▸ Your objective: Find the line containing "Spanning image 1" in the records below. Copy exactly that line and each one after it, ending at the line containing "Captured 0.6 sec after image 1.", and nothing more.

▸ Material shown:
++++++

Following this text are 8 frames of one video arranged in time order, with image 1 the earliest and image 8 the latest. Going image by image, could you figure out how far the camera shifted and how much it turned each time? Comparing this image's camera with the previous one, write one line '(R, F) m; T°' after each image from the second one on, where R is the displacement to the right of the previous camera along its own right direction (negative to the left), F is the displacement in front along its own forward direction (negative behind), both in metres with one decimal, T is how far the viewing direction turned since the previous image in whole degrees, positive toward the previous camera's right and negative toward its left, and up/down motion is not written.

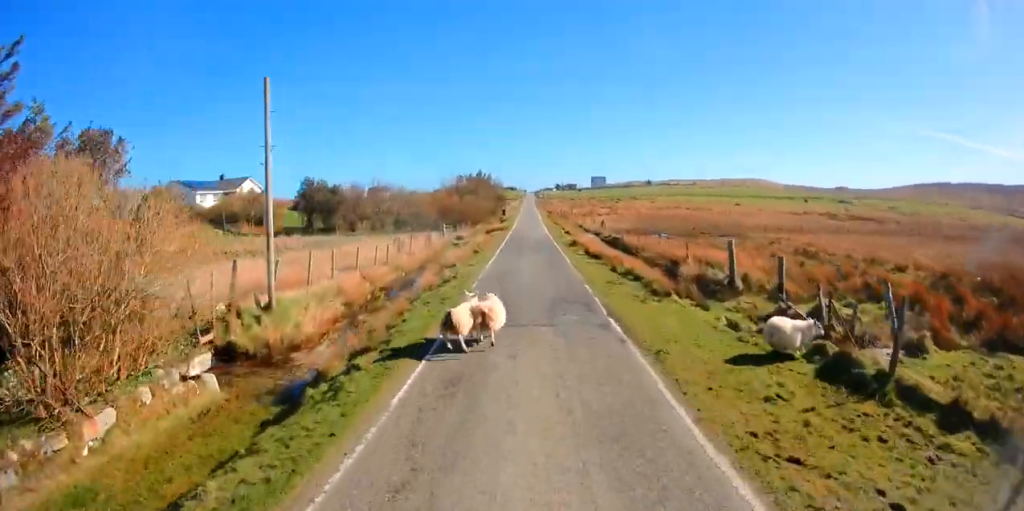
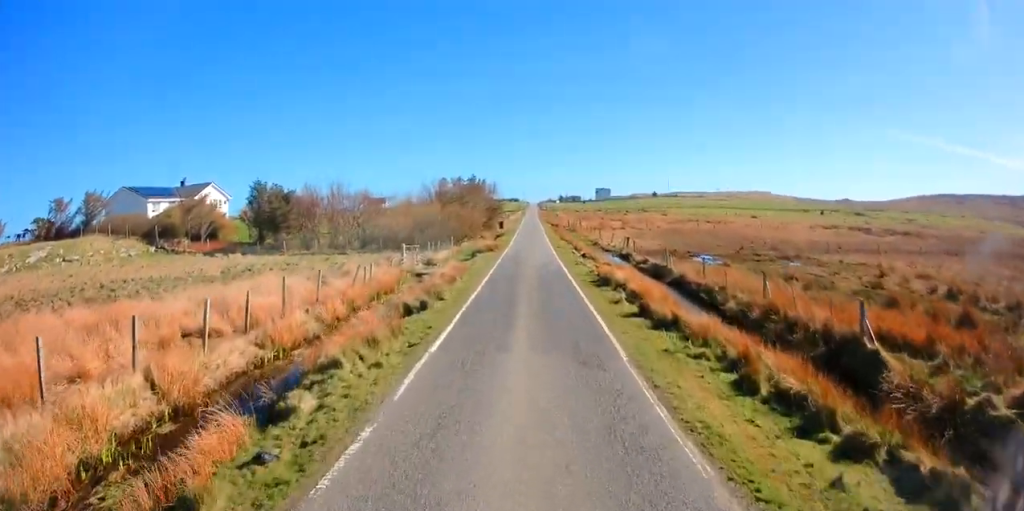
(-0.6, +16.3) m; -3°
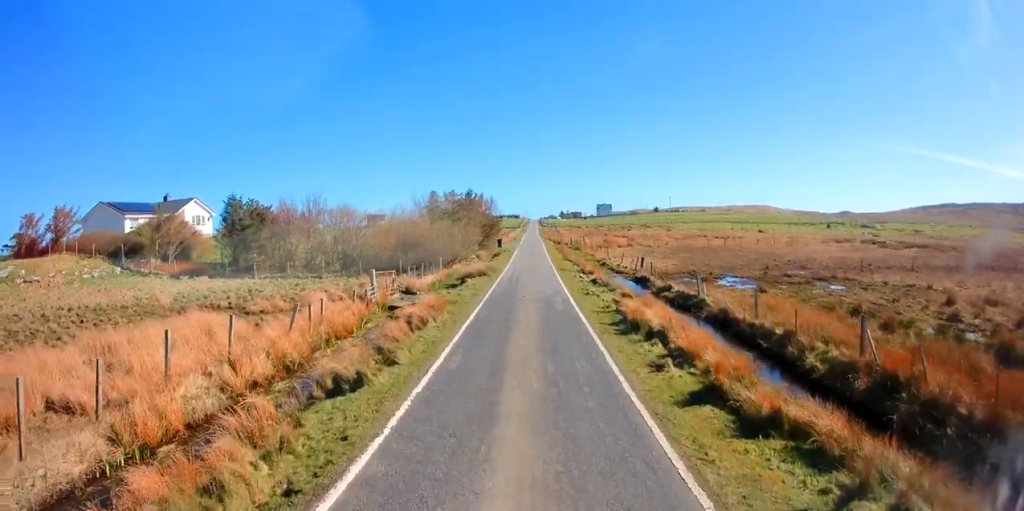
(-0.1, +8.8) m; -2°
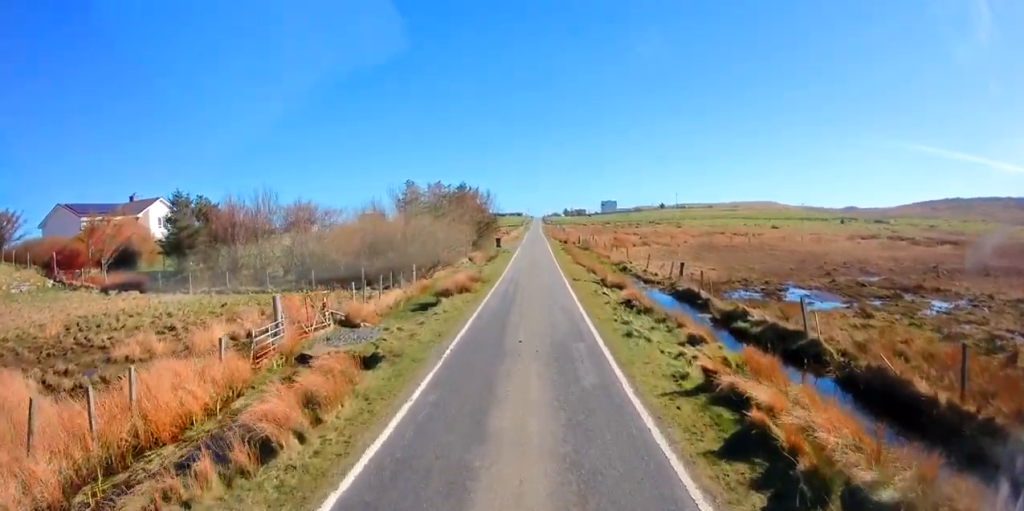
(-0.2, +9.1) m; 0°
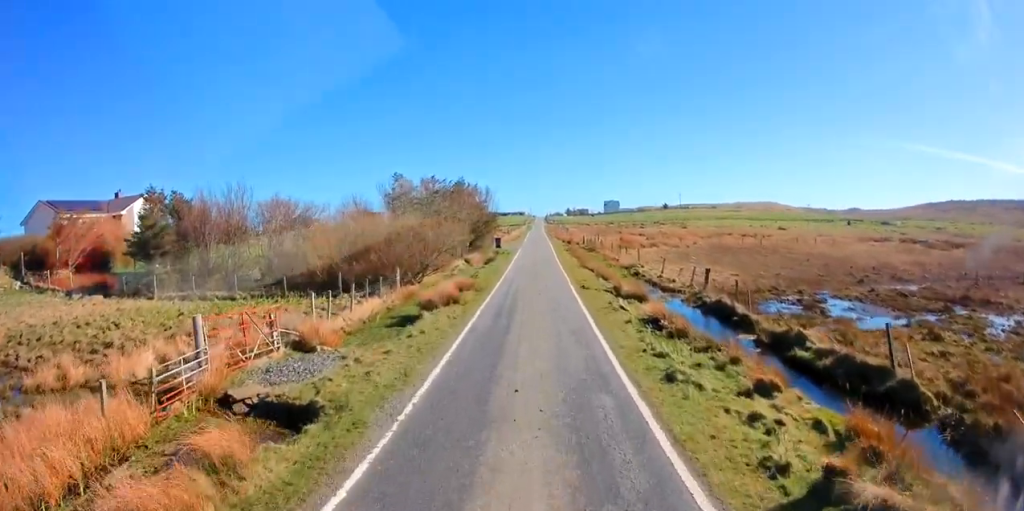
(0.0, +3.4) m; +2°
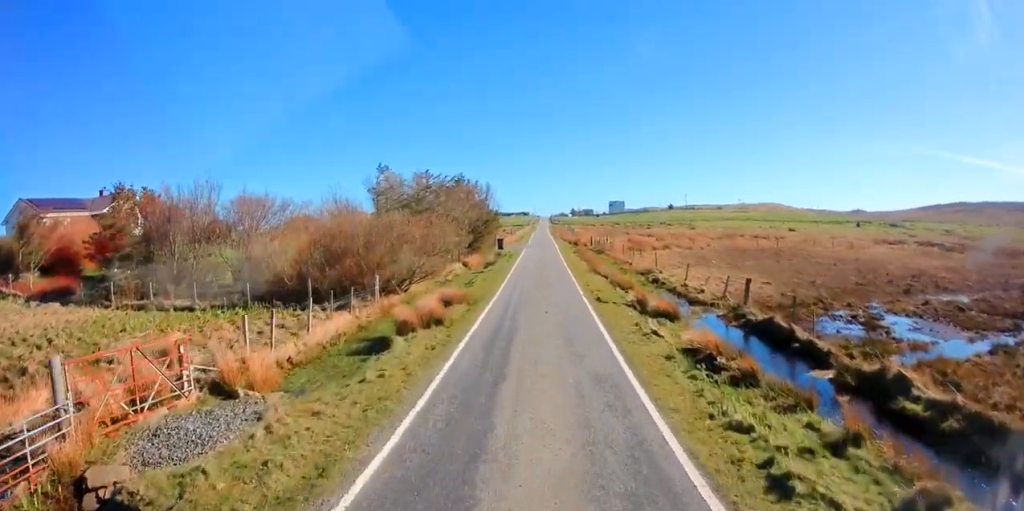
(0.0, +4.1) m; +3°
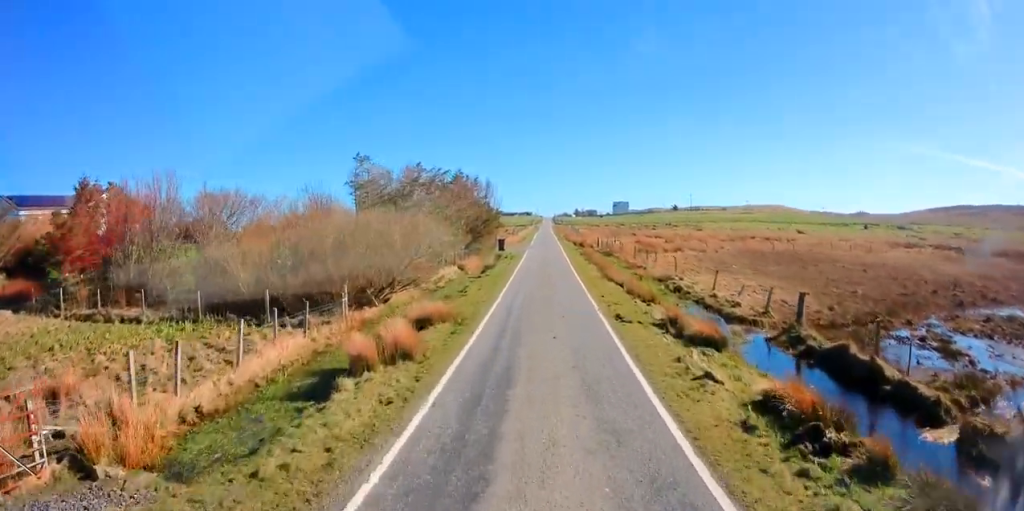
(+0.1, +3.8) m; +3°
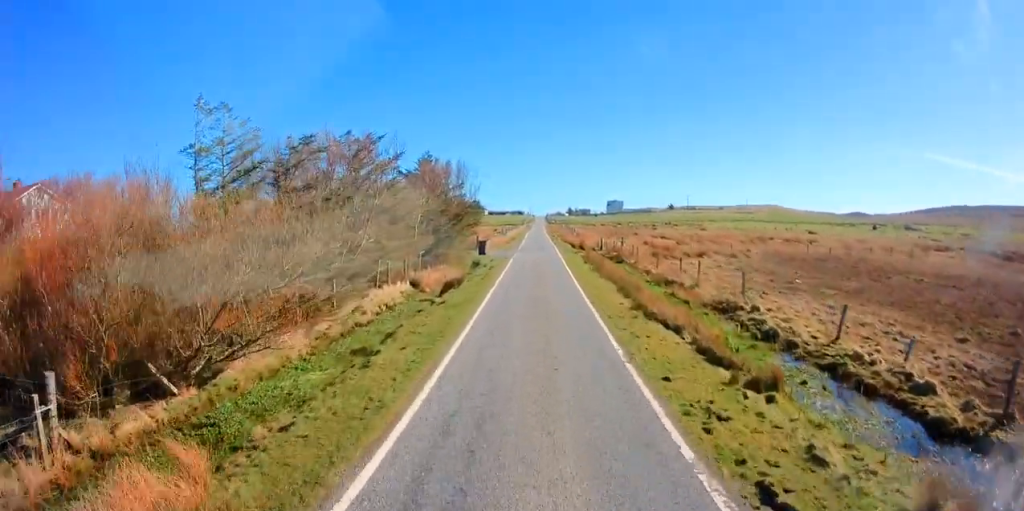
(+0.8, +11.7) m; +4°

++++++

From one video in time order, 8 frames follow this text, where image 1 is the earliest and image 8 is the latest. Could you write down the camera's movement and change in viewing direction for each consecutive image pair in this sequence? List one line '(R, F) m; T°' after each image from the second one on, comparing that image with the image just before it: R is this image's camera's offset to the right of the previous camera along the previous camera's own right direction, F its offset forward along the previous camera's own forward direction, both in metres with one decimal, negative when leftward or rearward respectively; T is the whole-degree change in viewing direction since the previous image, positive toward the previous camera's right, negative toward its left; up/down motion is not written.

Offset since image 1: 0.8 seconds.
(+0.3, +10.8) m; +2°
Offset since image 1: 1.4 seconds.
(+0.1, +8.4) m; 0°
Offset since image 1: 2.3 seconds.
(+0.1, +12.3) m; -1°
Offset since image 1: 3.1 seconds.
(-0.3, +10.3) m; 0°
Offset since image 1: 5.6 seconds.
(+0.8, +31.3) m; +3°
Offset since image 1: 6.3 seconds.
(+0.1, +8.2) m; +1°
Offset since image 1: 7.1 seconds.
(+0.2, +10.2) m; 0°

++++++

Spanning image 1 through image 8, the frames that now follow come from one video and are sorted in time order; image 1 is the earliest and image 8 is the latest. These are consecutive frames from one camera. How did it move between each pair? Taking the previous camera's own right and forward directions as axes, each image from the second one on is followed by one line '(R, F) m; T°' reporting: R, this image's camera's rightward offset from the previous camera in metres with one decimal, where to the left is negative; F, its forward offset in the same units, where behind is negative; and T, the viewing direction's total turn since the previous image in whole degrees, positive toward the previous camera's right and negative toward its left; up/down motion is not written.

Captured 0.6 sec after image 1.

++++++

▸ Solution for this exercise:
Spanning image 1 through image 8, the frames that now follow come from one video and are sorted in time order; image 1 is the earliest and image 8 is the latest. These are consecutive frames from one camera. How did it move between each pair? Taking the previous camera's own right and forward directions as axes, each image from the second one on is followed by one line '(R, F) m; T°' reporting: R, this image's camera's rightward offset from the previous camera in metres with one decimal, where to the left is negative; F, its forward offset in the same units, where behind is negative; and T, the viewing direction's total turn since the previous image in whole degrees, positive toward the previous camera's right and negative toward its left; up/down motion is not written.

Captured 0.6 sec after image 1.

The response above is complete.